Another worry is that moral facts wouldn't be motivating, if they did exist.  Bad guys can encounter the "fact" that it's wrong to torture babies just for fun, and start torturing babies.  To which the right answer is: so what?  The complete story about morality is not about the facts alone. It's also about moral psychology. It deals with how we come to know the facts, how they do or don't motivate us, the virtues and vices, etc. 

Harris is strategically right in adopting realism, not at all naive, and quite capable of responding to basic criticism.  Must I then be on board with everything he says?  Not necessarily.  The rest of what he says is about the exact nature of moral facts. He says they are "scientific facts."  At the very minimum, that means they are natural.  The fact that torturing babies just for fun is wrong is the fact that doing this causes...something or other. (Details to come in Harris's book.) 

Beyond that, he might be saying that moral facts are discoverable using scientific methods, but I hope he's not saying that, because it's implausible.  Some of the discovery of these facts is in the hands of ethicists and other reflective people. 
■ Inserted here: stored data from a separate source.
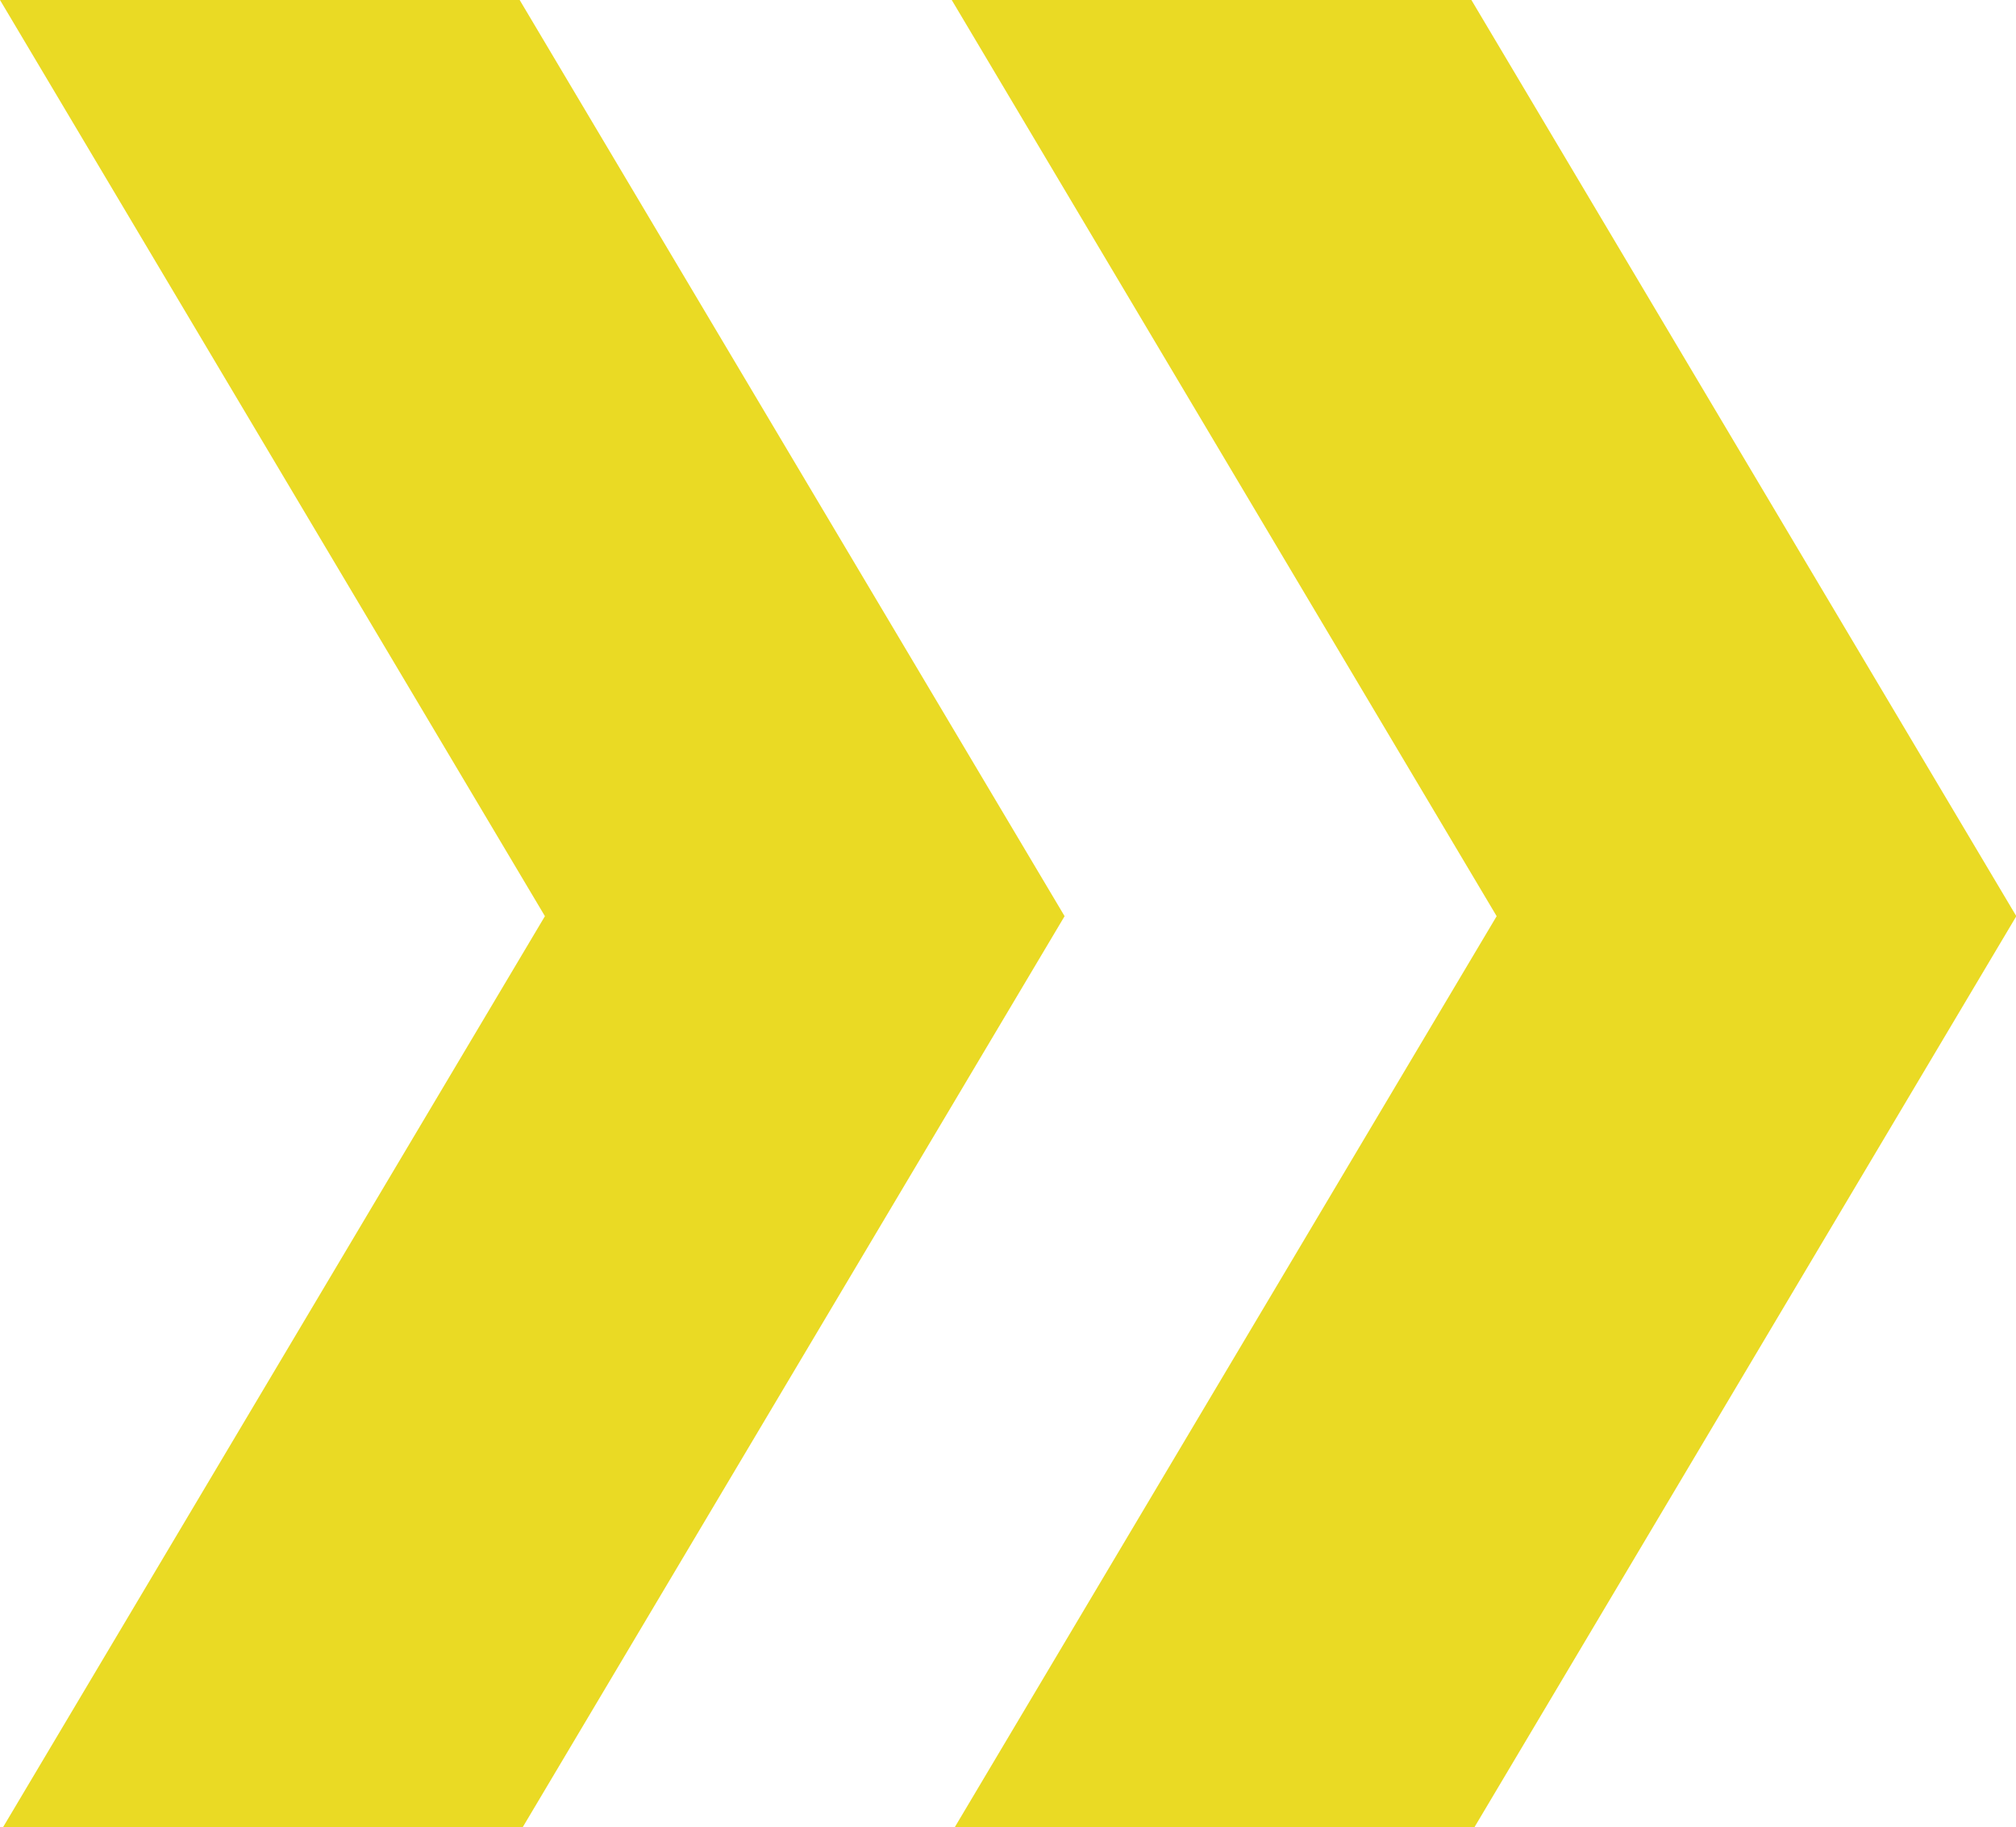 <svg xmlns="http://www.w3.org/2000/svg" width="24.828" height="22.509" viewBox="0 0 24.828 22.509">
  <g id="Group_1133" data-name="Group 1133" transform="translate(-136 -2063)">
    <path id="Fill_1" data-name="Fill 1" d="M0,0,6.711,11.285.036,22.509h6.4l6.675-11.224L6.4,0Z" transform="translate(136 2063)" fill="#eada24"/>
    <path id="Fill_1-2" data-name="Fill 1" d="M0,0,6.711,11.285.036,22.509h6.4l6.675-11.224L6.4,0Z" transform="translate(147.721 2063)" fill="#eada24"/>
  </g>
</svg>

My mind is not made up about the idea that moral facts are scientific facts, but I lean toward moral realism.  It's strategically the right thing for Harris to defend, not at all a naive or outrageous position, and holds up at least under the sorts of attacks I've been reading lately.

24 comments:

Faust said...

It's always nice to be able to quote some stats and say: hey look! Majority says X! Of course you aren't arguing the majority is correct by virtue of their majority, but simply that the idea is not fringe. But I'm not sure what help that is particularly. I don't think anyone is saying Harris is plying a fringe idea here. And really quoting majority stats is not much more than an argument from authority. There are other ways to play that game. As Harris notes in his book (EOF):

"Intellectuals as diverse as H.G Wells, Albert Einstein, Carl Jung, Max Planck, Freeman Dyson, and Stephen Jay Gould have declared the war between reason and faith to be long over."

And may I add after my reading last night, Martin Luther King as well. Of course none of these guys were metaethicists. If only! We could have avoided so much confusion.
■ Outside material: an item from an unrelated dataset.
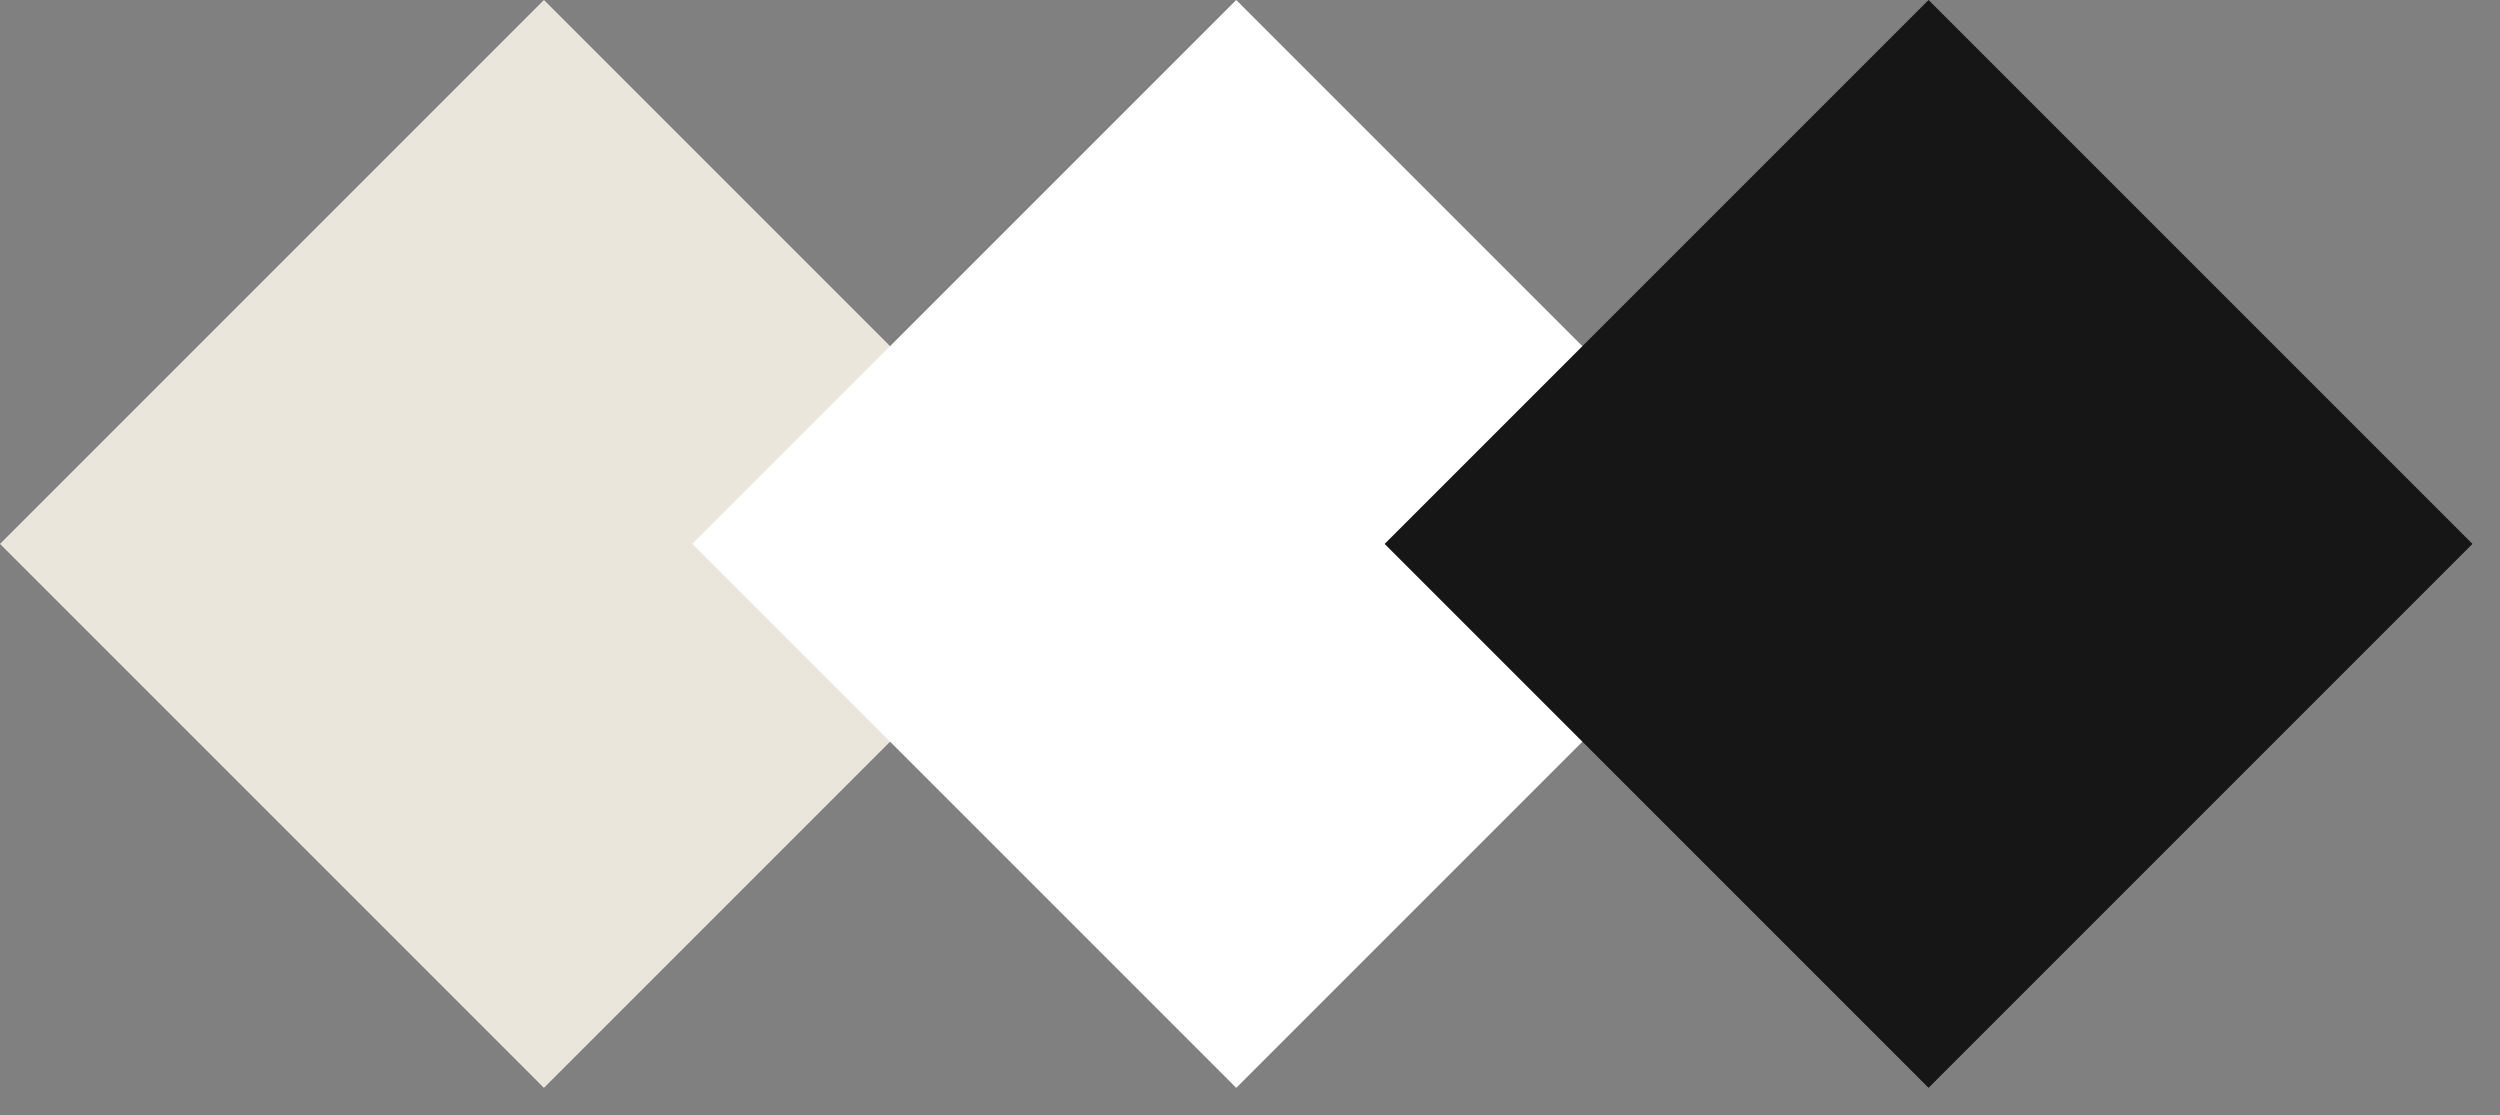 <?xml version="1.0" encoding="UTF-8"?> <svg xmlns="http://www.w3.org/2000/svg" width="65" height="29" viewBox="0 0 65 29" fill="none"><rect x="0" y="0" width="65" height="29" fill="#808080" stroke="none"/><rect y="14.142" width="20" height="20" transform="rotate(-45 0 14.142)" fill="#EAE6DB"></rect><rect x="18" y="14.142" width="20" height="20" transform="rotate(-45 18 14.142)" fill="white"></rect><rect x="36" y="14.142" width="20" height="20" transform="rotate(-45 36 14.142)" fill="#161616"></rect></svg>

All of these authors (well maybe not Dyson, I haven’t read him) have argued for variants of NOMA (though of course Gould didn't coin that term until recently) and NOMA is basically just a clumsy IS/OUGHT argument (I say clumsy because it conflates religion with ethics).

I think the link to Singers discussion of the is/ought divide posted in an earlier thread by another commenter is helpful, but in my view it simply supports the position I would take: the question of whether or not morality is “objective” depends 100% on criteria. This is both true of the criteria you use to establish what "morality" MEANS both in general, and then, assuming one chooses “descriptivism” what criteria one uses under that attempt to provide a definitive description (typically some variant of pleasure/pain).

But I have never been brought around to understanding how these criteria are supposed to be picked out “a priori” as it were. I agree with Singer that the central question is the fact/action divide. I DO think it is “clear that the issue that really matters, that is of practical significance, is how statements of fact are connected with reasons for acting, and not how statements of fact are connected with moral judgments.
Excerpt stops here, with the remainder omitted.